* Your task: If an entry below contains an image, drop the image and retype the rest exactly.

* Given records:

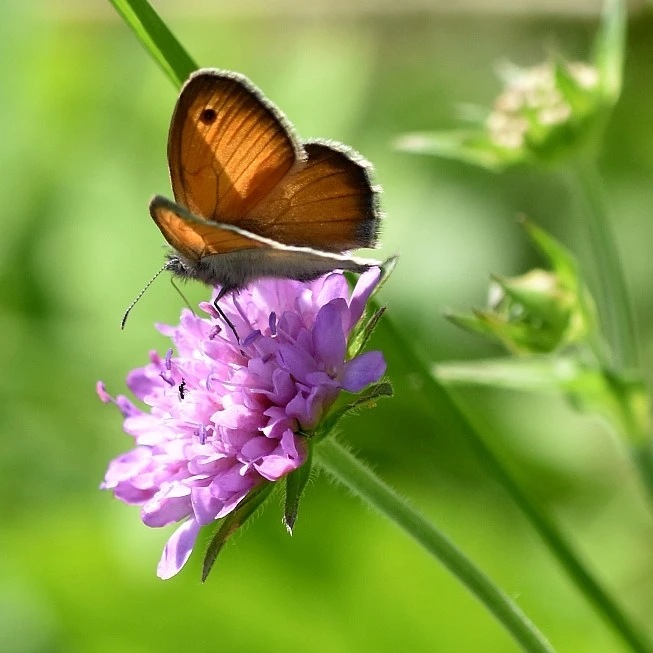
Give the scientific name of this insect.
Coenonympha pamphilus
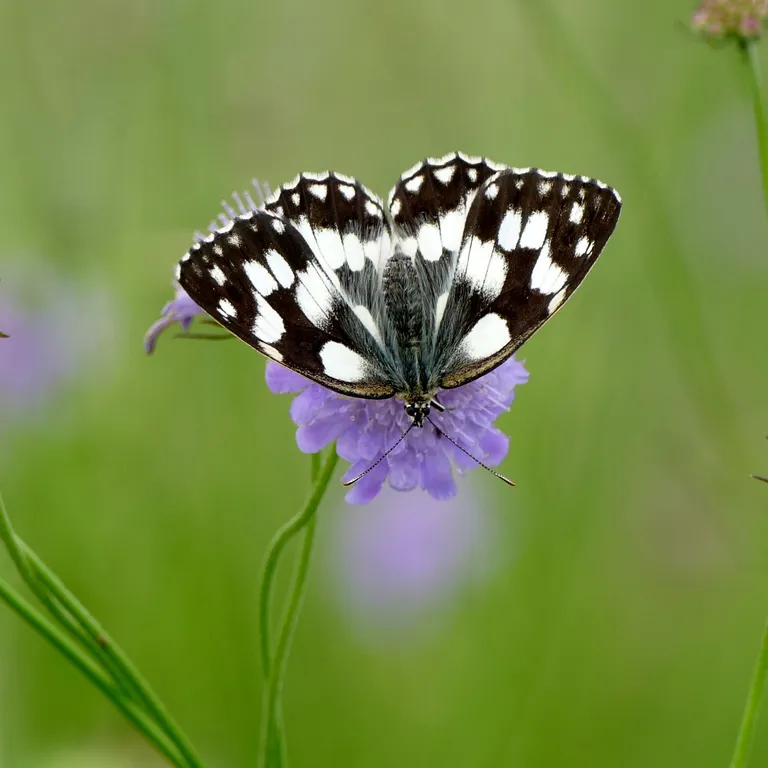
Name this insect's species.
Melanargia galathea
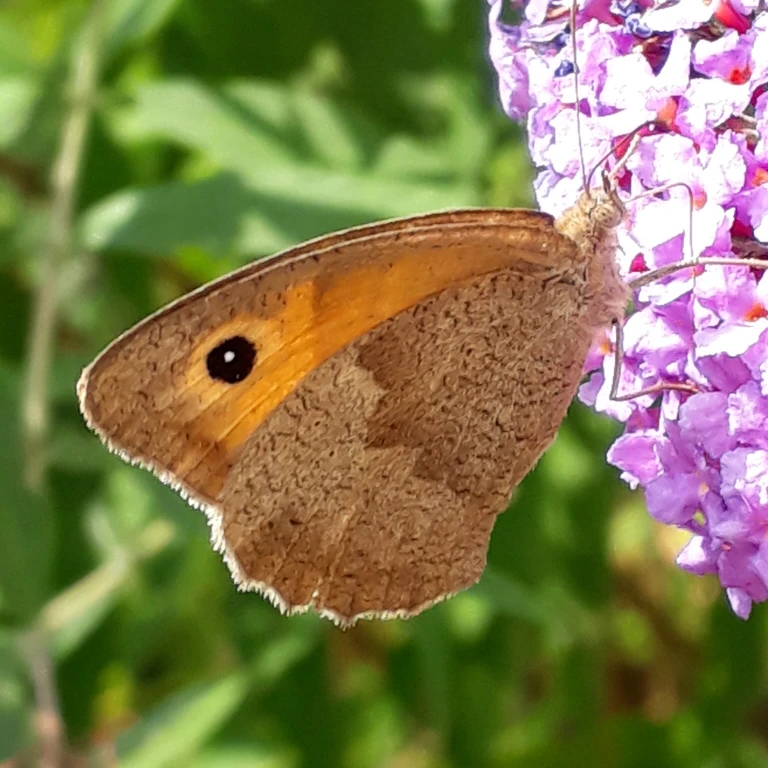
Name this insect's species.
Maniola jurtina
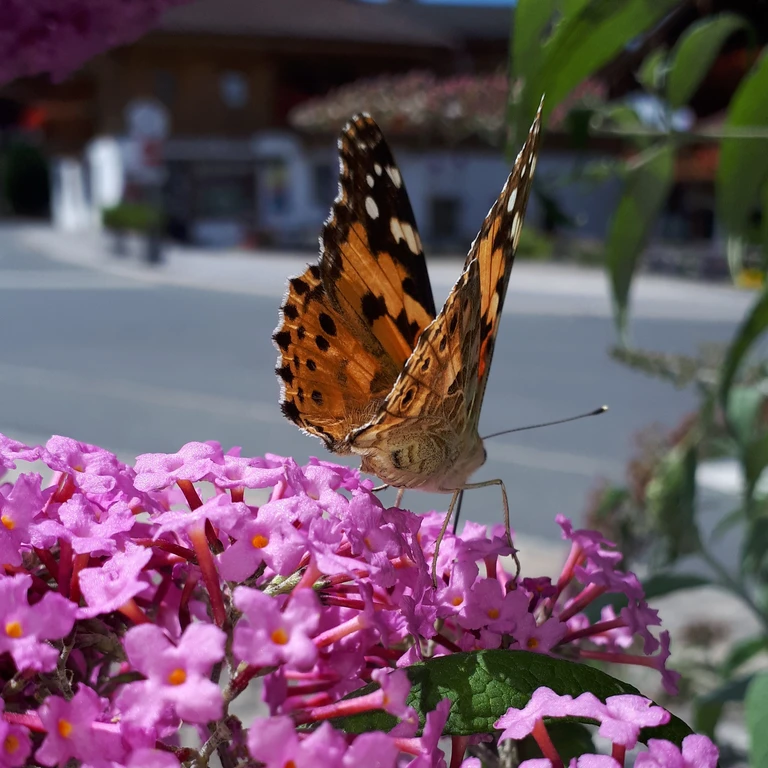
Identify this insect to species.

* Solution:
Give the scientific name of this insect.
Coenonympha pamphilus
Name this insect's species.
Melanargia galathea
Name this insect's species.
Maniola jurtina
Identify this insect to species.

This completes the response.